O'Shea has spent many weekends in Downtown
preserving the tales of servicemen. Photo by
Gary Leonard. |
Levenson's daughter Arleen Karno,
owner of the Groundwork cafe in the Arts District, sat
listening nearby, legs curled beneath her.
But when Levenson spoke, he spoke to David Meyer O'Shea.
"I haven't paid attention to these things in years,"
said Levenson, 79. "I think it's important that the
government pay attention. My children all know about
these things."
But many children, O'Shea included, don't know much
about their fathers' time in the war. The onetime New
York cabbie, storytelling actor and, for the next few
months, harried tax accountant has devoted much of his
free time over the last two years to recording their
stories for posterity.
Every other weekend since the beginning of 2006, the
Larchmont Village resident has been trekking to the
Central Library in Downtown Los Angeles to sit with
veterans and record them. Sometimes no one shows up to
the walk-in sessions, and he spends his time editing
tape.
Some stories are long and
flowing, others choppy with painful memories. Many are
hilarious, some grave. To O'Shea's ear, all are
precious.
Unlike Levenson, who joined up late and at a young age
to ultimately work the ground crew of an Army Air Corps
special project developing remote-controlled planes,
many older veterans saw the war at its peak of
intensity, then tried to forget what they saw after it
was over.
"People go out there with the experience of seeing
something unspeakable," O'Shea said. "They can't put it
into words, and so they can only talk about it with
other people who had the same experience."

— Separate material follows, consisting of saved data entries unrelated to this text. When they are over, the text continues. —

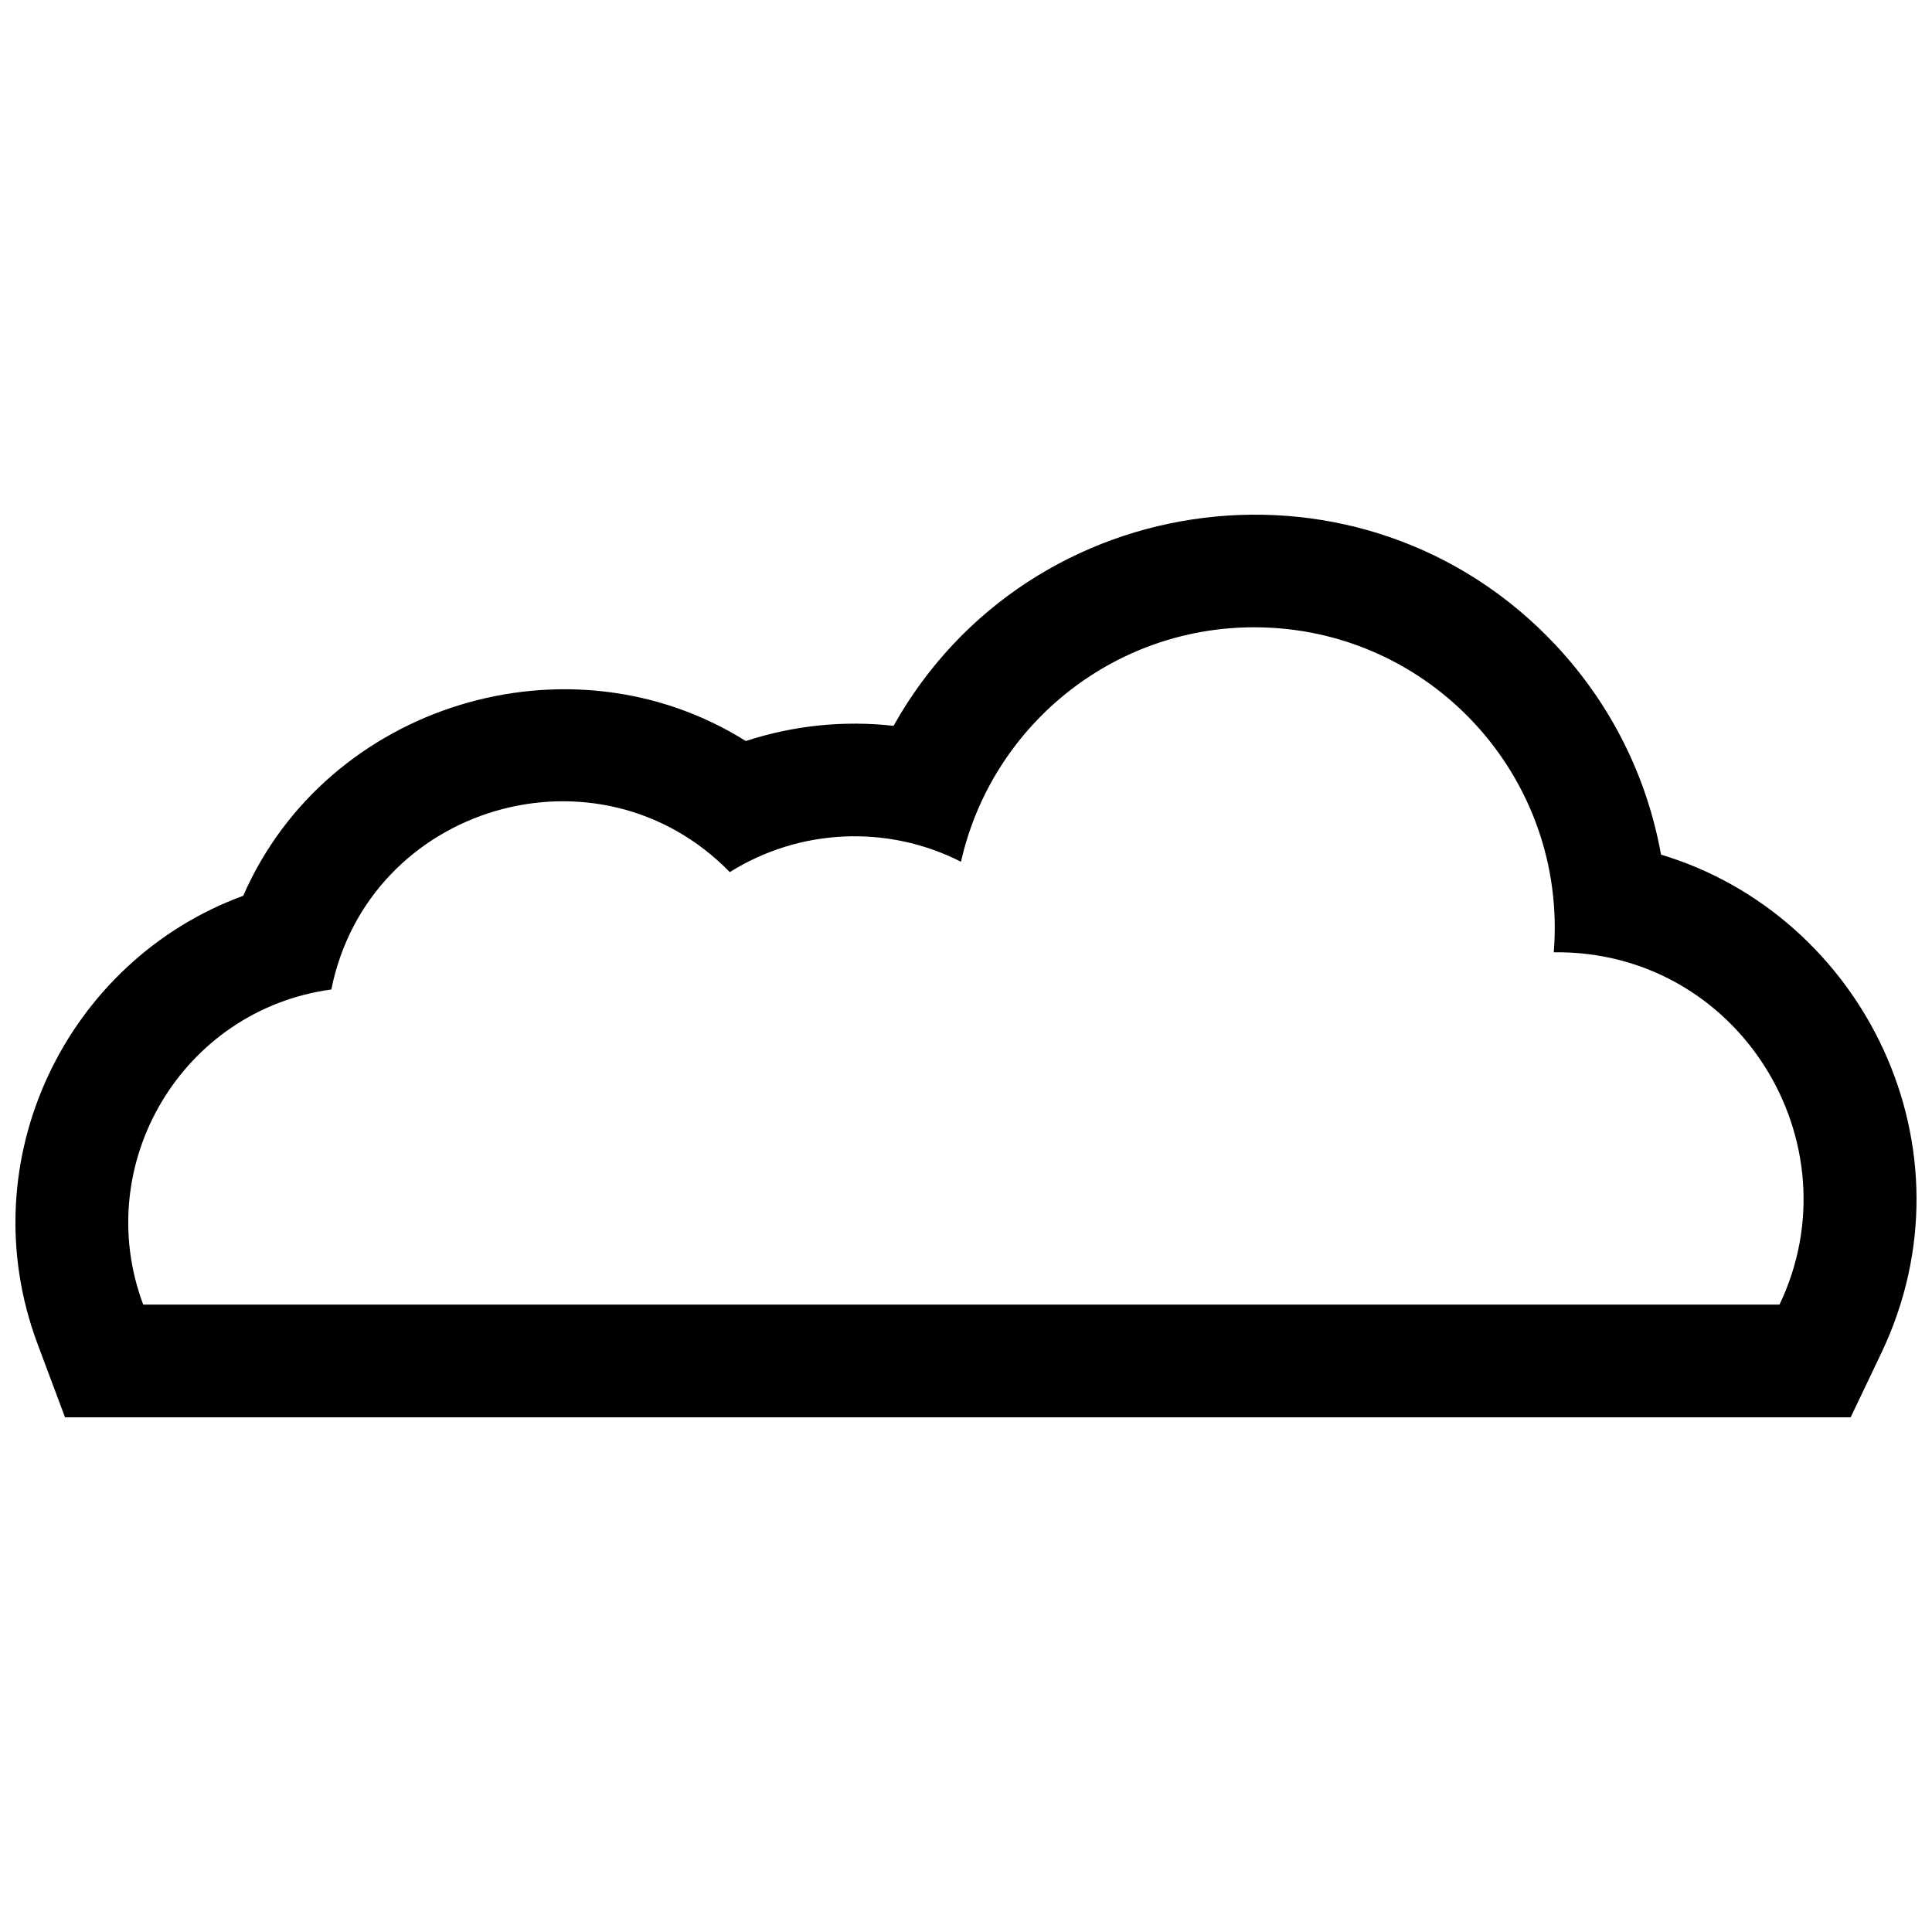 <?xml version="1.0" encoding="UTF-8"?>
<!-- Uploaded to: ICON Repo, www.svgrepo.com, Generator: ICON Repo Mixer Tools -->
<svg width="800px" height="800px" version="1.1" viewBox="144 144 512 512" xmlns="http://www.w3.org/2000/svg">
 <defs>
  <clipPath id="a">
   <path d="m148.09 280h503.81v240h-503.81z"/>
  </clipPath>
 </defs>
 <g clip-path="url(#a)">
  <path d="m380.8 336.35c36.074-64.355 124.84-75.547 175.57-21.285 14.594 15.609 24.129 34.848 27.816 55.418 53.508 16.094 84.297 77.777 58.371 132.11l-8.117 17.012h-473.21l-7.262-19.402c-18.277-48.828 7.789-101.73 54.488-118.81 22.215-50.836 86.461-70.328 133.19-41.016 12.625-4.137 26.008-5.496 39.152-4.027zm-198.85 153.38c-13.926-37.203 10.281-78.117 49.852-83.504 9.848-48.883 70.762-66.828 105.6-31.105 18.453-11.578 41.785-12.668 61.27-2.746 7.981-35.562 39.738-62.137 77.711-62.137 46.512 0 83.129 39.664 79.379 86.125 48.867-0.621 80.367 50.32 59.828 93.367h-433.64z" fill-rule="evenodd"/>
 </g>
</svg>

When he replays the recordings, O'Shea relives their
enthusiasm, humor and pain. His blue eyes recall the
looks on the faces of the men who are passing away at
the rate of 1,400 a day.
"When I hear some people, there
is a feeling that something is exquisite. There is a
rare moment," O'Shea said. "It's people talking about
what they felt or what they saw. It's all so vivid."
Family History
O'Shea father, Earl D. Meyer (O'Shea changed his
professional name in the 1990s to stand out from another
actor named David Meyer) served as an artillery radioman
with the 95th Infantry Battalion, and saw the 1944
Battle of Metz up close. The bloody, three-month
standoff in the French snow has been called the "Unknown
Battle" because the story of the terrible Allied losses
has largely escaped history books.
In 2003, Meyer began to open up about the battle and his
part in it. O'Shea was just then getting into recording
oral histories - a subject that had captivated him since
his taxi-driving days in the late 1970s and early '80s -
and he made a single recording of his father talking
about the war.
Meyer attended a 95th Infantry Division reunion on a
sweltering August weekend in that year. He returned home
on a Sunday. On Wednesday, his doctor discovered
advanced colon cancer. Three weeks later, he passed
away.
The following year, after tax season but before the
95th's reunion, O'Shea was engrossed in acting classes
taught by Jeffrey Tambor of "The Larry Sanders Show" and
"Arrested Development" fame. One of his assignments was
to write, in stream of consciousness, three pages first
thing in the morning.
"I end up writing, 'Go to Baton Rouge where the reunion
is. Bring the CD recorder and offer to record these
veterans. And give it back to them so they or their
children have copies of their fathers telling them
stories,'" O'Shea said. "I stopped and I thought, well
that's a good idea. Do it as a tribute to your father."
He followed through, made recordings and three months
later followed the 95th on the unit's 60th anniversary
pilgrimage to the site of the battle. In Metz, France.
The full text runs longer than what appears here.